Records to process
-------
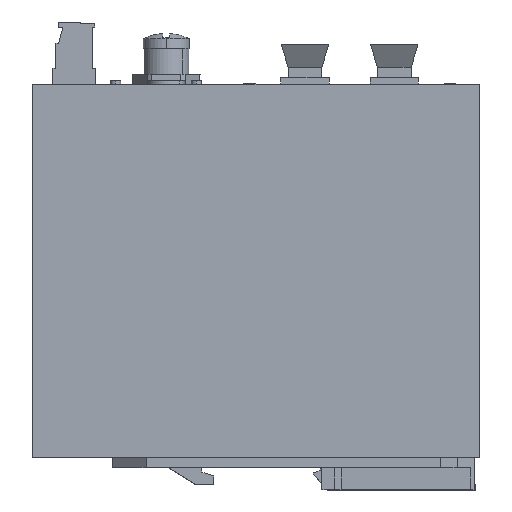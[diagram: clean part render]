
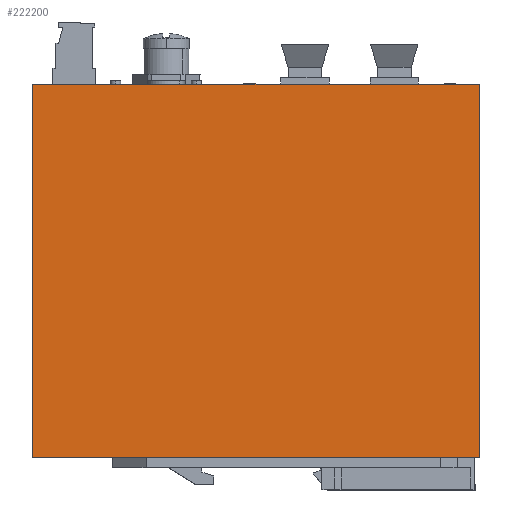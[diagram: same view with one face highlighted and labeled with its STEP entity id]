
A CAD part, top view. The second image highlights one B-rep face of the part: STEP entity #222200.
In plain terms, the highlighted face is planar.
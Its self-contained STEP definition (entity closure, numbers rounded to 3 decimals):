
#36100=CARTESIAN_POINT('',(66.542,-11.788,
81.502));
#36110=VERTEX_POINT('',#36100);
#36280=CARTESIAN_POINT('',(66.542,-11.788,
-28.848));
#36290=VERTEX_POINT('',#36280);
#36320=CARTESIAN_POINT('',(66.542,-11.788,
25.352));
#36330=DIRECTION('',(0.,0.,1.));
#36340=VECTOR('',#36330,1.);
#36350=LINE('',#36320,#36340);
#36360=EDGE_CURVE('',#36290,#36110,#36350,.T.);
#72530=CARTESIAN_POINT('',(-65.458,-11.788,
25.352));
#72540=DIRECTION('',(0.,0.,-1.));
#72550=VECTOR('',#72540,1.);
#72560=LINE('',#72530,#72550);
#72570=CARTESIAN_POINT('',(-65.458,-11.788,
81.502));
#72580=VERTEX_POINT('',#72570);
#72590=CARTESIAN_POINT('',(-65.458,-11.788,
-28.848));
#72600=VERTEX_POINT('',#72590);
#72610=EDGE_CURVE('',#72580,#72600,#72560,.T.);
#221990=CARTESIAN_POINT('',(-65.458,-11.788,
122.778));
#222000=DIRECTION('',(0.,1.,0.));
#222010=DIRECTION('',(0.,0.,-1.));
#222020=AXIS2_PLACEMENT_3D('',#221990,#222000,#222010);
#222030=PLANE('',#222020);
#222040=ORIENTED_EDGE('',*,*,#36360,.T.);
#222050=CARTESIAN_POINT('',(66.542,-11.788,
-28.848));
#222060=DIRECTION('',(1.,0.,0.));
#222070=VECTOR('',#222060,1.);
#222080=LINE('',#222050,#222070);
#222090=EDGE_CURVE('',#72600,#36290,#222080,.T.);
#222100=ORIENTED_EDGE('',*,*,#222090,.T.);
#222110=ORIENTED_EDGE('',*,*,#72610,.T.);
#222120=CARTESIAN_POINT('',(66.542,-11.788,
81.502));
#222130=DIRECTION('',(1.,0.,0.));
#222140=VECTOR('',#222130,1.);
#222150=LINE('',#222120,#222140);
#222160=EDGE_CURVE('',#72580,#36110,#222150,.T.);
#222170=ORIENTED_EDGE('',*,*,#222160,.F.);
#222180=EDGE_LOOP('',(#222170,#222110,#222100,#222040));
#222190=FACE_OUTER_BOUND('',#222180,.T.);
#222200=ADVANCED_FACE('',(#222190),#222030,.F.);
-------
Directions for this task
Starting at the first line of the records and stopping after the line with "#222080=LINE('',#222050,#222070);", copy each line exactly; pictures stay out.

Task result
[diagram: clean part render]
[diagram: same view with one face highlighted and labeled with its STEP entity id]
A CAD part, top view. The second image highlights one B-rep face of the part: STEP entity #222200.
In plain terms, the highlighted face is planar.
Its self-contained STEP definition (entity closure, numbers rounded to 3 decimals):
#36100=CARTESIAN_POINT('',(66.542,-11.788,
81.502));
#36110=VERTEX_POINT('',#36100);
#36280=CARTESIAN_POINT('',(66.542,-11.788,
-28.848));
#36290=VERTEX_POINT('',#36280);
#36320=CARTESIAN_POINT('',(66.542,-11.788,
25.352));
#36330=DIRECTION('',(0.,0.,1.));
#36340=VECTOR('',#36330,1.);
#36350=LINE('',#36320,#36340);
#36360=EDGE_CURVE('',#36290,#36110,#36350,.T.);
#72530=CARTESIAN_POINT('',(-65.458,-11.788,
25.352));
#72540=DIRECTION('',(0.,0.,-1.));
#72550=VECTOR('',#72540,1.);
#72560=LINE('',#72530,#72550);
#72570=CARTESIAN_POINT('',(-65.458,-11.788,
81.502));
#72580=VERTEX_POINT('',#72570);
#72590=CARTESIAN_POINT('',(-65.458,-11.788,
-28.848));
#72600=VERTEX_POINT('',#72590);
#72610=EDGE_CURVE('',#72580,#72600,#72560,.T.);
#221990=CARTESIAN_POINT('',(-65.458,-11.788,
122.778));
#222000=DIRECTION('',(0.,1.,0.));
#222010=DIRECTION('',(0.,0.,-1.));
#222020=AXIS2_PLACEMENT_3D('',#221990,#222000,#222010);
#222030=PLANE('',#222020);
#222040=ORIENTED_EDGE('',*,*,#36360,.T.);
#222050=CARTESIAN_POINT('',(66.542,-11.788,
-28.848));
#222060=DIRECTION('',(1.,0.,0.));
#222070=VECTOR('',#222060,1.);
#222080=LINE('',#222050,#222070);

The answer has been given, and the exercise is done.